1. cut the method for the mononucleotide polymorphism site evaluation of building storehouse order-checking and Bayesian statistics based on enzyme, its step is as follows:

1) after the sequencing result that obtains the RAD high throughput sequencing technologies, the RAD sequencing sequence is filtered to remove underproof sequencing sequence;

2) utilize the full same sex of sequence to generate the information of each individual sequence heap, and calculate each sequence heap order-checking depth information;

3) the interior all sequences heap of body is compared in twos one by one, and heap is carried out cluster to determine intraindividual candidate's heterozygosis SNP site;

4) all sequences heap in Different Individual is compared in twos, heap is carried out cluster to determine interindividual candidate SNP locus;

5) utilize Bayes statistical method that the depth information of range gene type on each candidate SNP locus is analyzed, identify the accuracy of candidate SNP, be used for the work such as follow-up population analysis or experiment.
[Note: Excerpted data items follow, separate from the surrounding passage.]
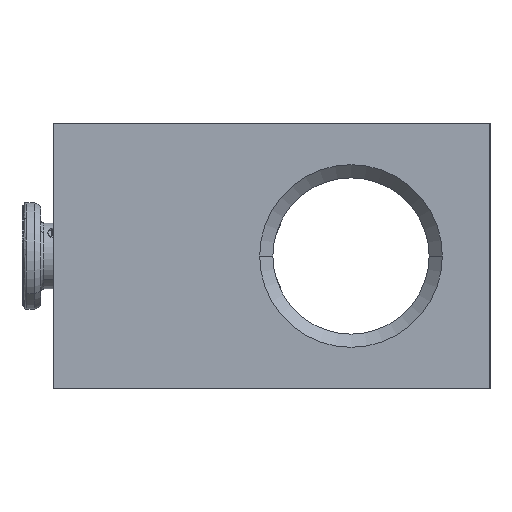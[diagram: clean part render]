
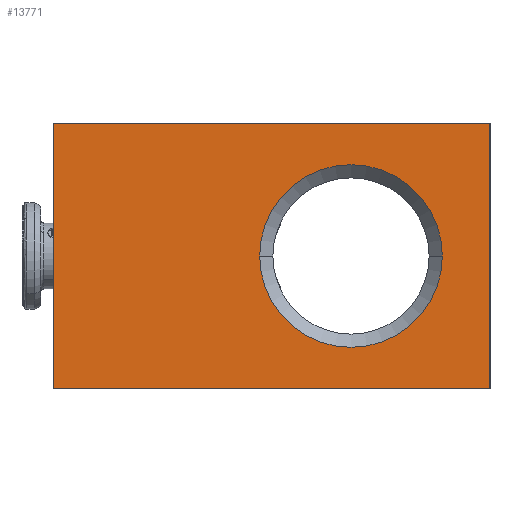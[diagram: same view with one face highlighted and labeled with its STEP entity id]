
A CAD part, left-side view. The second image highlights one B-rep face of the part: STEP entity #13771.
In plain terms, the highlighted planar face has unit normal (-1, 0, 0).
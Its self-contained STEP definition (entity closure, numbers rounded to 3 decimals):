
#13771=ADVANCED_FACE('',(#28397,#28398),#28399,.T.);
#28397=FACE_OUTER_BOUND('',#59199,.T.);
#28398=FACE_BOUND('',#59200,.T.);
#28399=PLANE('',#59201);
#59199=EDGE_LOOP('',(#100337,#100338,#100339,#100340));
#59200=EDGE_LOOP('',(#100341,#100342));
#59201=AXIS2_PLACEMENT_3D('',#100343,#100344,#100345);
#100337=ORIENTED_EDGE('',*,*,#125567,.T.);
#100338=ORIENTED_EDGE('',*,*,#109397,.T.);
#100339=ORIENTED_EDGE('',*,*,#125568,.F.);
#100340=ORIENTED_EDGE('',*,*,#123355,.F.);
#100341=ORIENTED_EDGE('',*,*,#122613,.F.);
#100342=ORIENTED_EDGE('',*,*,#116270,.F.);
#100343=CARTESIAN_POINT('',(-114.0,33.0,-10.0));
#100344=DIRECTION('',(-1.0,0.0,0.0));
#100345=DIRECTION('',(0.0,0.0,1.0));
#109397=EDGE_CURVE('',#128284,#128289,#128291,.T.);
#116270=EDGE_CURVE('',#139861,#139864,#139865,.T.);
#122613=EDGE_CURVE('',#139864,#139861,#148843,.T.);
#123355=EDGE_CURVE('',#149746,#149748,#149749,.T.);
#125567=EDGE_CURVE('',#149746,#128284,#152322,.T.);
#125568=EDGE_CURVE('',#149748,#128289,#152323,.T.);
#128284=VERTEX_POINT('',#155915);
#128289=VERTEX_POINT('',#155922);
#128291=LINE('',#155925,#155926);
#139861=VERTEX_POINT('',#176753);
#139864=VERTEX_POINT('',#176757);
#139865=CIRCLE('',#176758,6.9);
#148843=CIRCLE('',#192695,6.9);
#149746=VERTEX_POINT('',#194174);
#149748=VERTEX_POINT('',#194177);
#149749=LINE('',#194178,#194179);
#152322=LINE('',#198626,#198627);
#152323=LINE('',#198628,#198629);
#155915=CARTESIAN_POINT('',(-114.0,0.0,-10.0));
#155922=CARTESIAN_POINT('',(-114.0,0.0,10.0));
#155925=CARTESIAN_POINT('',(-114.0,0.0,-10.0));
#155926=VECTOR('',#201854,20.0);
#176753=CARTESIAN_POINT('',(-114.0,17.4,0.));
#176757=CARTESIAN_POINT('',(-114.0,3.6,0.0));
#176758=AXIS2_PLACEMENT_3D('',#210660,#210661,#210662);
#192695=AXIS2_PLACEMENT_3D('',#218332,#218333,#218334);
#194174=CARTESIAN_POINT('',(-114.0,33.0,-10.0));
#194177=CARTESIAN_POINT('',(-114.0,33.0,10.0));
#194178=CARTESIAN_POINT('',(-114.0,33.0,-10.0));
#194179=VECTOR('',#219167,20.0);
#198626=CARTESIAN_POINT('',(-114.0,33.0,-10.0));
#198627=VECTOR('',#221393,33.0);
#198628=CARTESIAN_POINT('',(-114.0,33.0,10.0));
#198629=VECTOR('',#221394,33.0);
#201854=DIRECTION('',(0.0,0.0,1.0));
#210660=CARTESIAN_POINT('',(-114.0,10.5,0.0));
#210661=DIRECTION('',(-1.0,0.0,0.0));
#210662=DIRECTION('',(0.0,1.0,0.0));
#218332=CARTESIAN_POINT('',(-114.0,10.5,0.0));
#218333=DIRECTION('',(-1.0,0.0,0.0));
#218334=DIRECTION('',(0.0,1.0,0.0));
#219167=DIRECTION('',(0.0,0.0,1.0));
#221393=DIRECTION('',(0.0,-1.0,0.0));
#221394=DIRECTION('',(0.0,-1.0,0.0));

2. according to claim 1 cutting based on enzyme built the method that check order in the storehouse and the mononucleotide polymorphism site of Bayesian statistics is identified, it is characterized in that: in step 1), the RAD high throughput sequencing technologies is Illumina GA sequencing technologies; Order-checking type acquiescence is single end sequencing, if two end sequencing is only cut end to enzyme and carried out the mononucleotide polymorphism site analysis.

3. according to claim 1ly cut based on enzyme the method that storehouse order-checking and the mononucleotide polymorphism site of Bayesian statistics are identified of building, it is characterized in that: in step 1), to be sequencing quality surpass 50% sequence of whole piece sequence base number lower than the base number of predetermined inferior quality threshold value to described underproof sequencing sequence, and section start does not have enzyme to cut the sequence of characteristic sequence.

4. according to claim 1ly cut based on enzyme the method that storehouse order-checking and the mononucleotide polymorphism site of Bayesian statistics are identified of building, it is characterized in that: in step 3), when each sequence heap is compared mutually, only allow to occur the different sequence heap of two classes, filter out the sequence that surpasses two classes and pile.

5. method of cutting the mononucleotide polymorphism site evaluation of building storehouse order-checking and Bayesian statistics based on enzyme according to claim 1, is characterized in that: in step 4), keep the sequence heap that all comparisons obtain, do not process piling over the sequence of two classes.